Stored entries
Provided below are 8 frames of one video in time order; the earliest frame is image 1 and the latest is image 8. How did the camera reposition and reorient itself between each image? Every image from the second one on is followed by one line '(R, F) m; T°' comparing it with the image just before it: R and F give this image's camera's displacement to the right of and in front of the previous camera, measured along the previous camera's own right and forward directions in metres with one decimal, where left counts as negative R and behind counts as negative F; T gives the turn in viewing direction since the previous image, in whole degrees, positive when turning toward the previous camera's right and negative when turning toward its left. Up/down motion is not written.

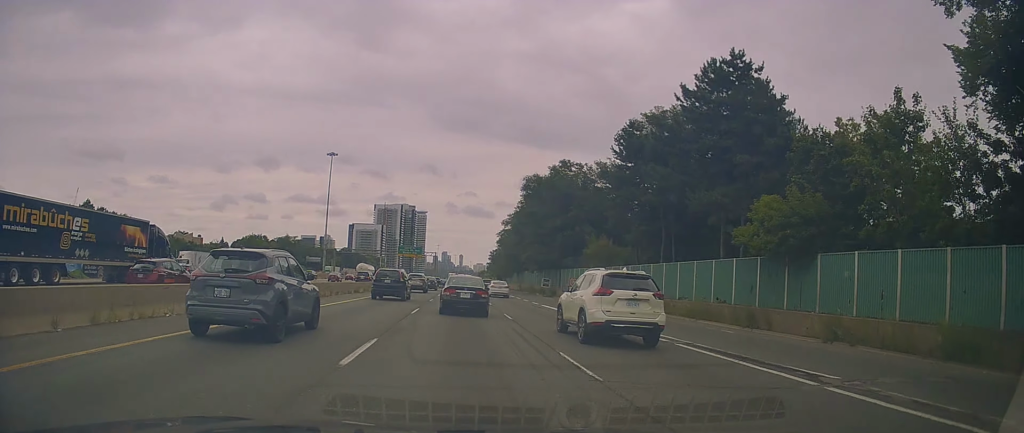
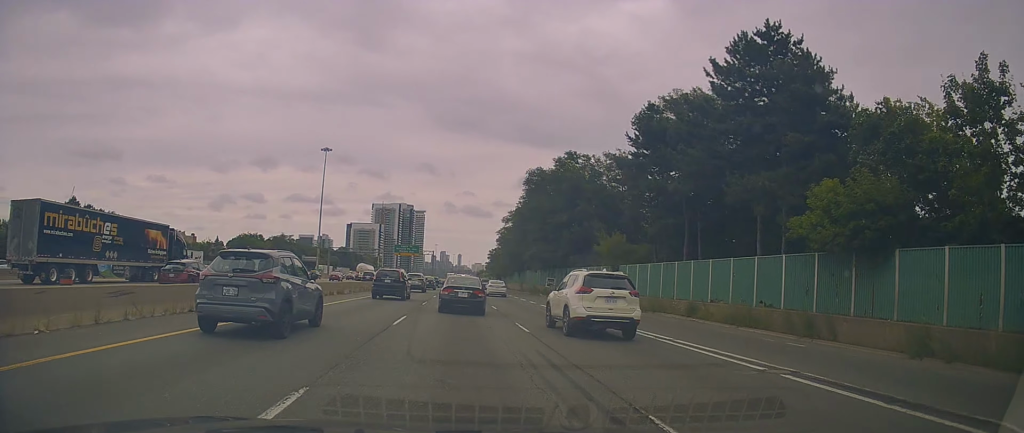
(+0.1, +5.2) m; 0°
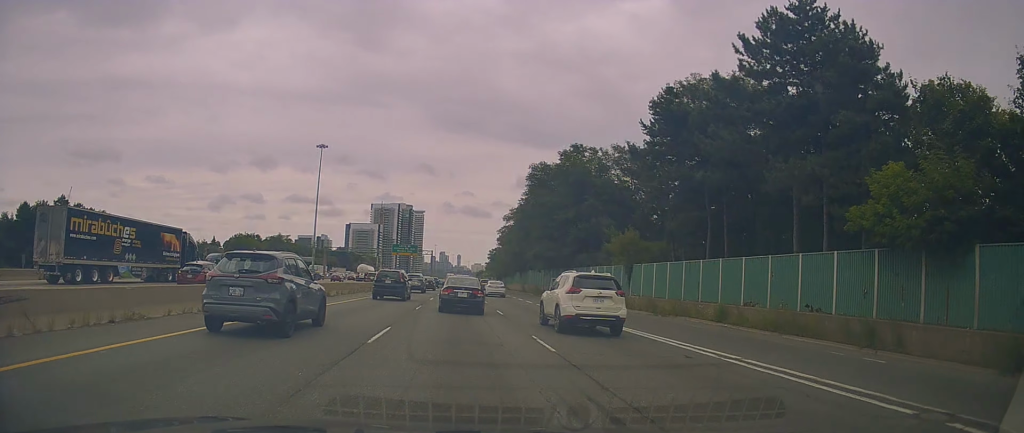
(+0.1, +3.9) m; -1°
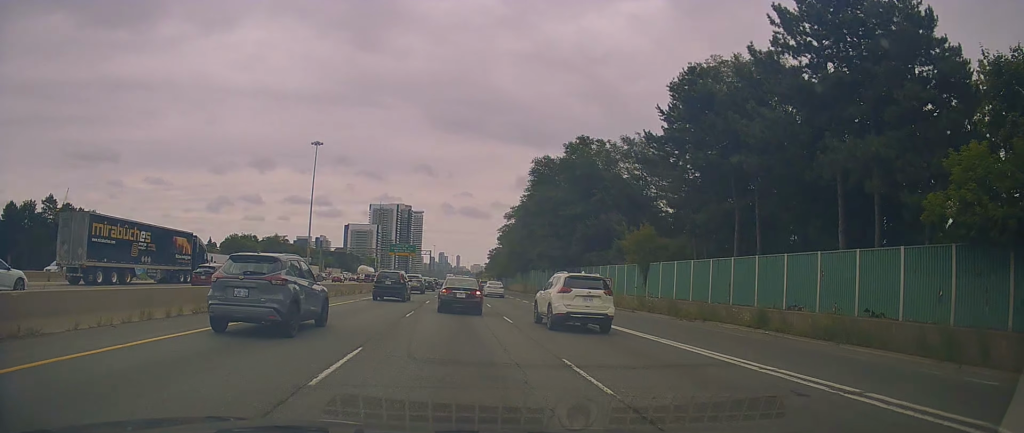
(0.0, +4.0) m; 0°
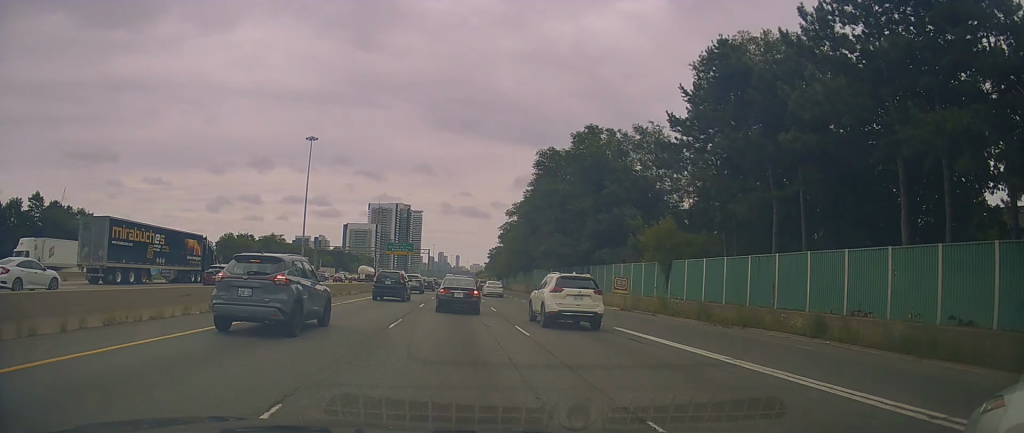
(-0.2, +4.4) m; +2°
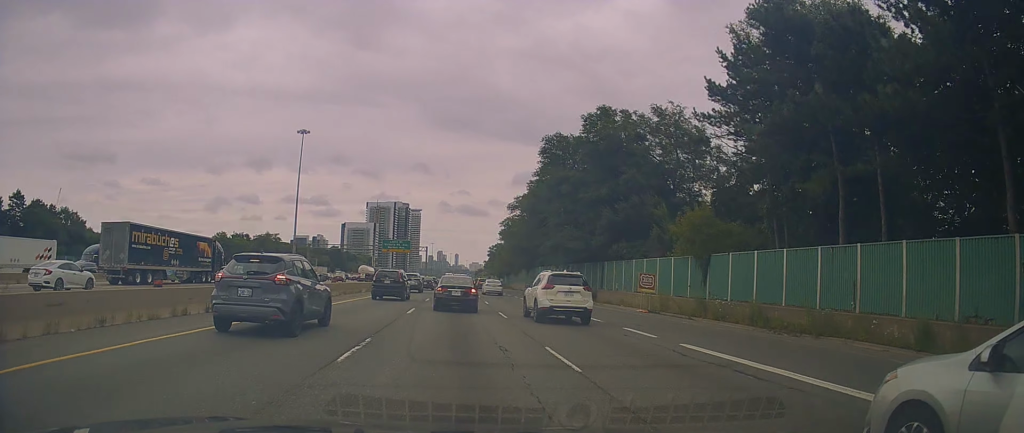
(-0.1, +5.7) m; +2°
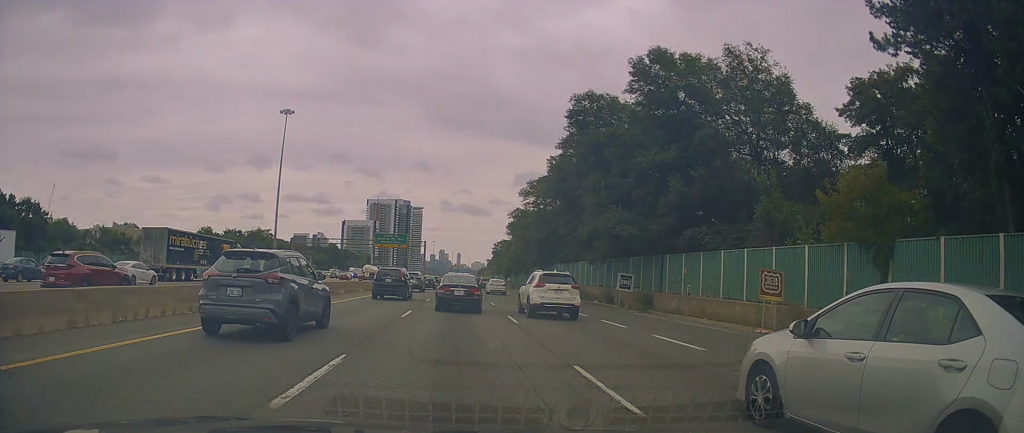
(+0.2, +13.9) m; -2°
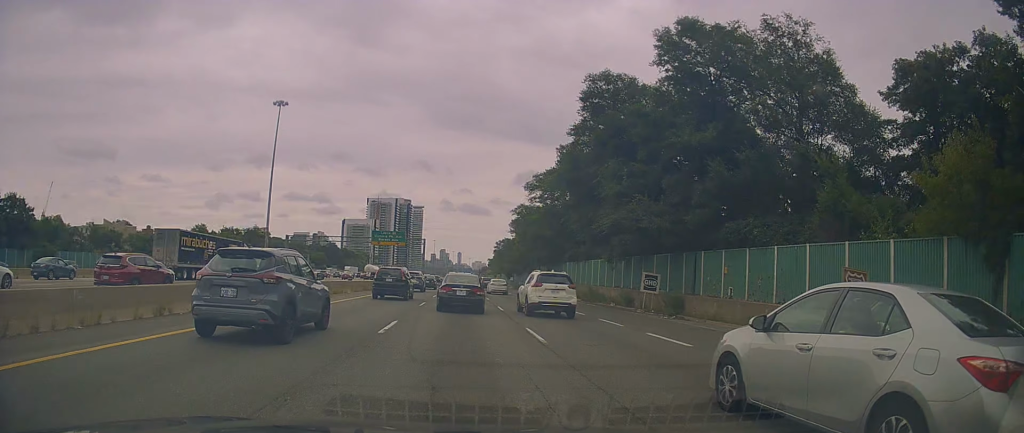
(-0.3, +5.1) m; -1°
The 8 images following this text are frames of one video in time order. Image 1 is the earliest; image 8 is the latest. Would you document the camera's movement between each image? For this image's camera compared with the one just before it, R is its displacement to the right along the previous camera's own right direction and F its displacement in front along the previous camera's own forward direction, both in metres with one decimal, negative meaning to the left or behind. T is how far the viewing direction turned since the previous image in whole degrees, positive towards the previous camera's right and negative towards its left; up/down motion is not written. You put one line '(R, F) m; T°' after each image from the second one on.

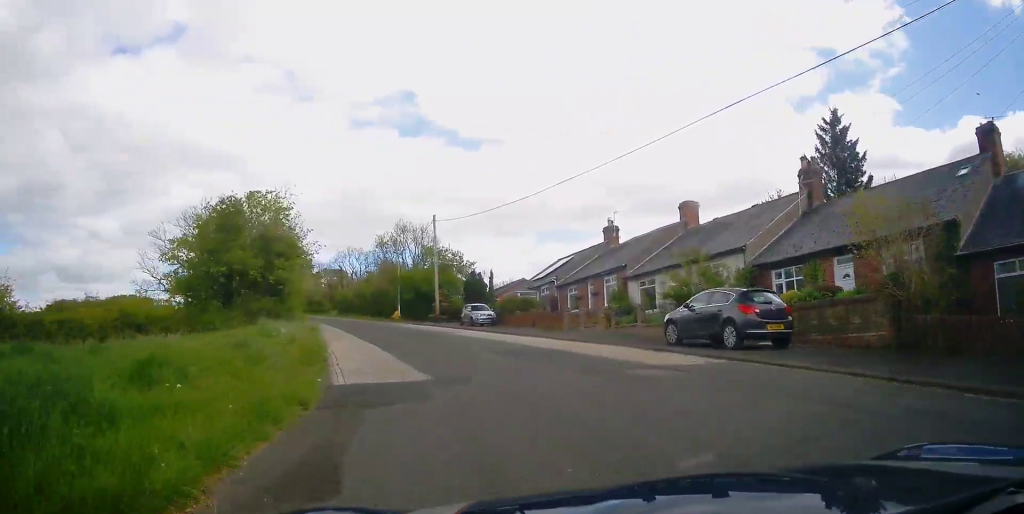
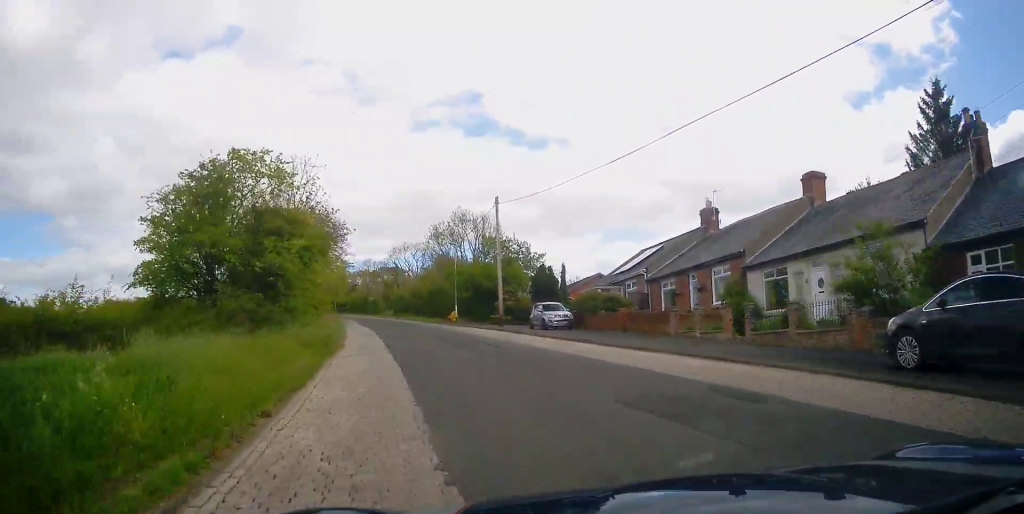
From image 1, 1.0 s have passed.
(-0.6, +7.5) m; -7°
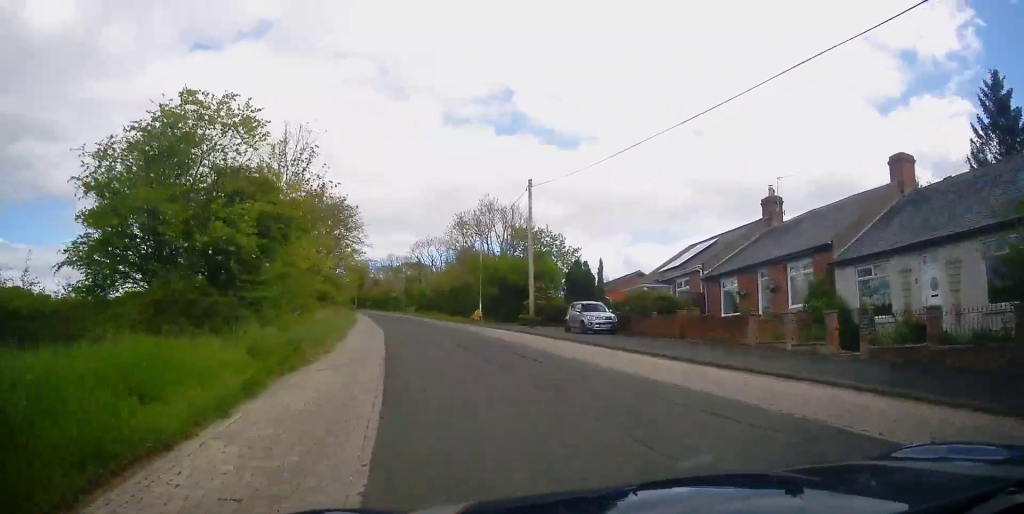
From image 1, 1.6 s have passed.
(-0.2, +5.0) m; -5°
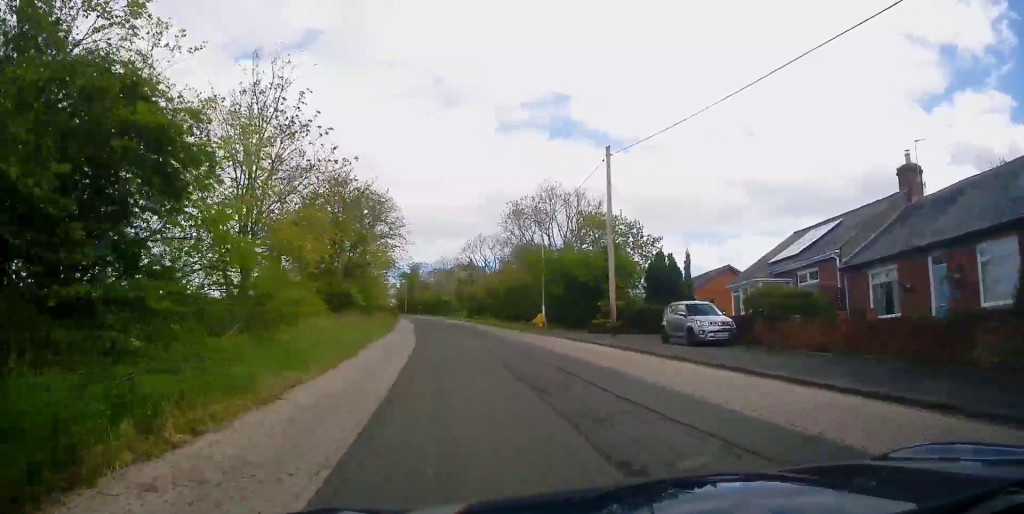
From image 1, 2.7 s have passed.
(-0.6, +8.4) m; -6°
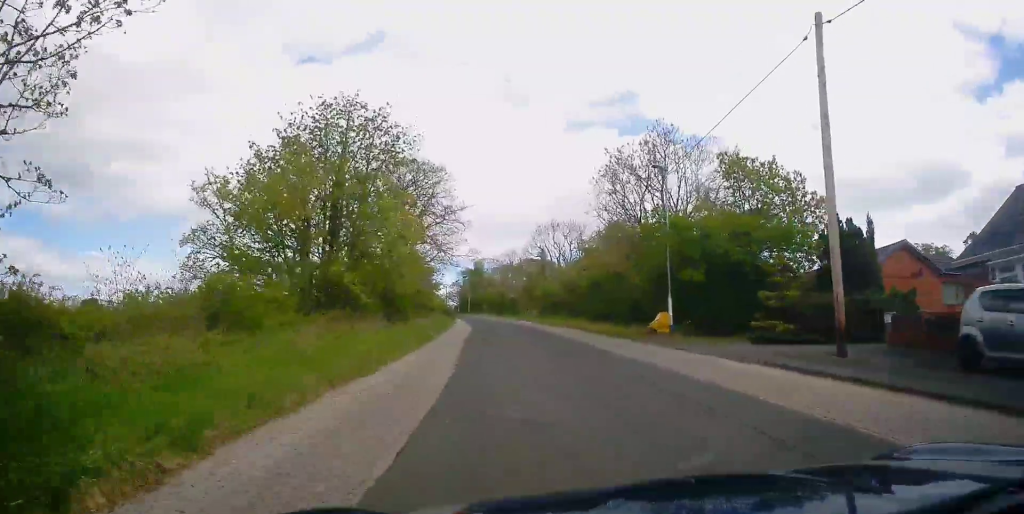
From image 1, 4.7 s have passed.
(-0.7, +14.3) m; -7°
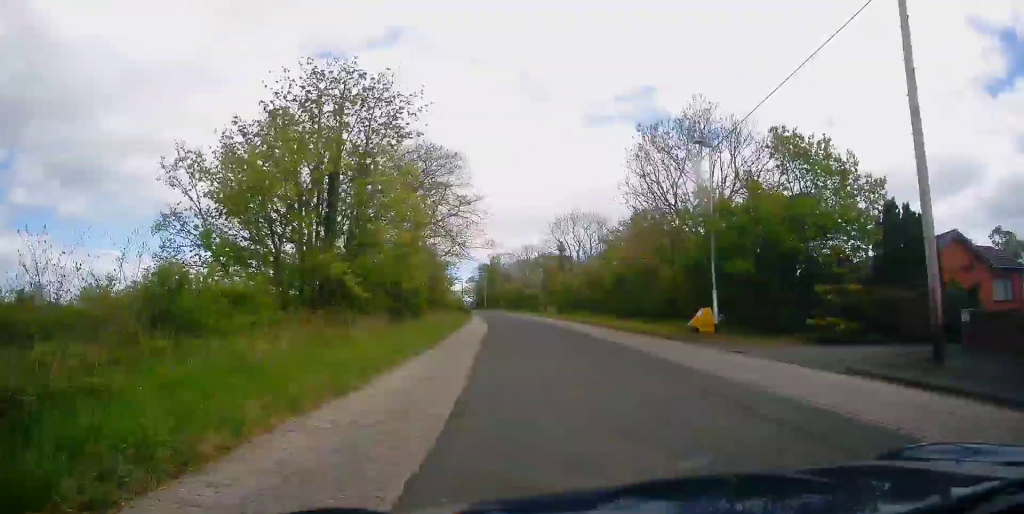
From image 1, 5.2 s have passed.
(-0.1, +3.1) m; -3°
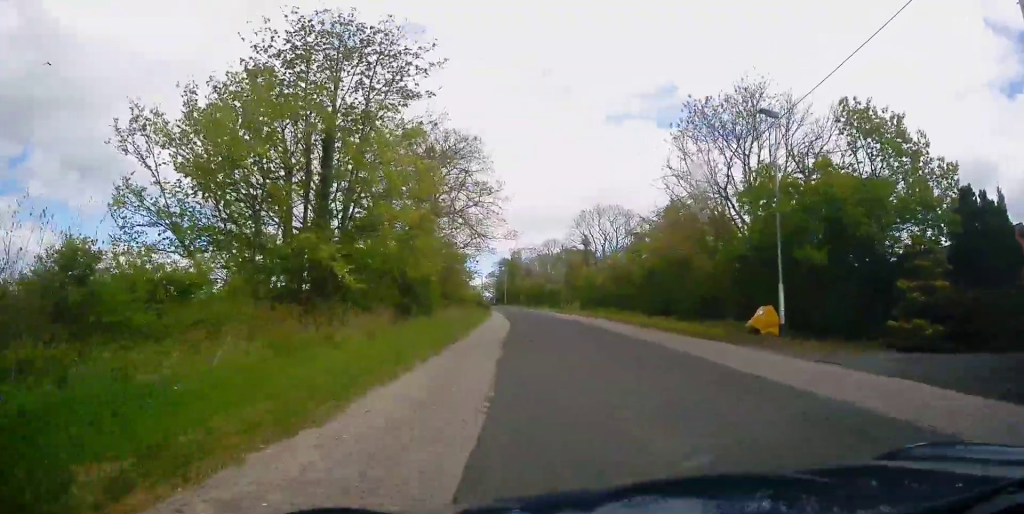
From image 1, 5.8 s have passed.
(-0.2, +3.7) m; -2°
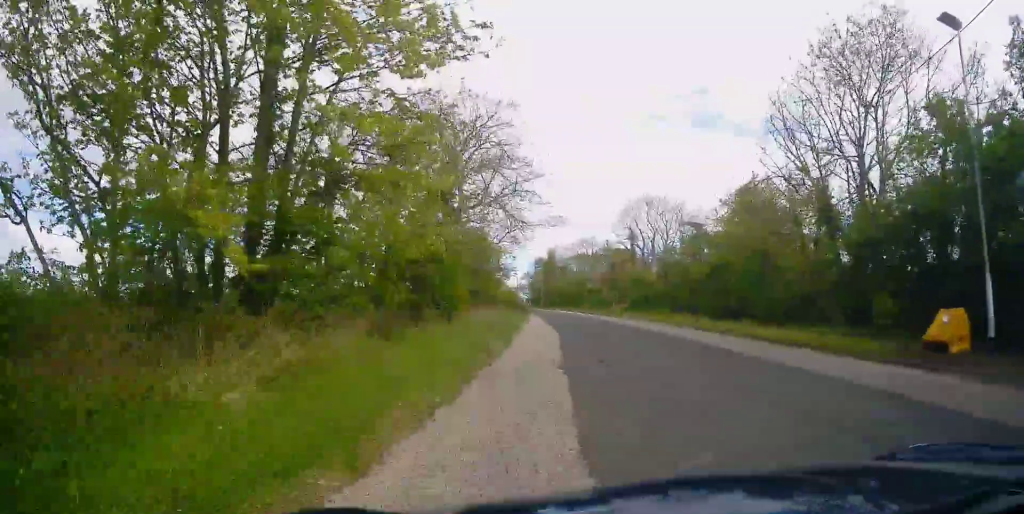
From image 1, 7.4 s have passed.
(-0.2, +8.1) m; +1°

§ Instructions to follow:
Pictures omitted, give the entries again exactly.

§ Solution to this exercise:
Provided below are 8 frames of one video in time order; the earliest frame is image 1 and the latest is image 8. How did the camera reposition and reorient itself between each image? Every image from the second one on is followed by one line '(R, F) m; T°' comparing it with the image just before it: R and F give this image's camera's displacement to the right of and in front of the previous camera, measured along the previous camera's own right and forward directions in metres with one decimal, where left counts as negative R and behind counts as negative F; T gives the turn in viewing direction since the previous image, in whole degrees, positive when turning toward the previous camera's right and negative when turning toward its left. Up/down motion is not written.

(+0.1, +5.2) m; 0°
(+0.1, +3.9) m; -1°
(0.0, +4.0) m; 0°
(-0.2, +4.4) m; +2°
(-0.1, +5.7) m; +2°
(+0.2, +13.9) m; -2°
(-0.3, +5.1) m; -1°
The 8 images following this text are frames of one video in time order. Image 1 is the earliest; image 8 is the latest. Would you document the camera's movement between each image? For this image's camera compared with the one just before it, R is its displacement to the right along the previous camera's own right direction and F its displacement in front along the previous camera's own forward direction, both in metres with one decimal, negative meaning to the left or behind. T is how far the viewing direction turned since the previous image in whole degrees, positive towards the previous camera's right and negative towards its left; up/down motion is not written. You put one line '(R, F) m; T°' after each image from the second one on.

From image 1, 1.0 s have passed.
(-0.6, +7.5) m; -7°
From image 1, 1.6 s have passed.
(-0.2, +5.0) m; -5°
From image 1, 2.7 s have passed.
(-0.6, +8.4) m; -6°
From image 1, 4.7 s have passed.
(-0.7, +14.3) m; -7°
From image 1, 5.2 s have passed.
(-0.1, +3.1) m; -3°
From image 1, 5.8 s have passed.
(-0.2, +3.7) m; -2°
From image 1, 7.4 s have passed.
(-0.2, +8.1) m; +1°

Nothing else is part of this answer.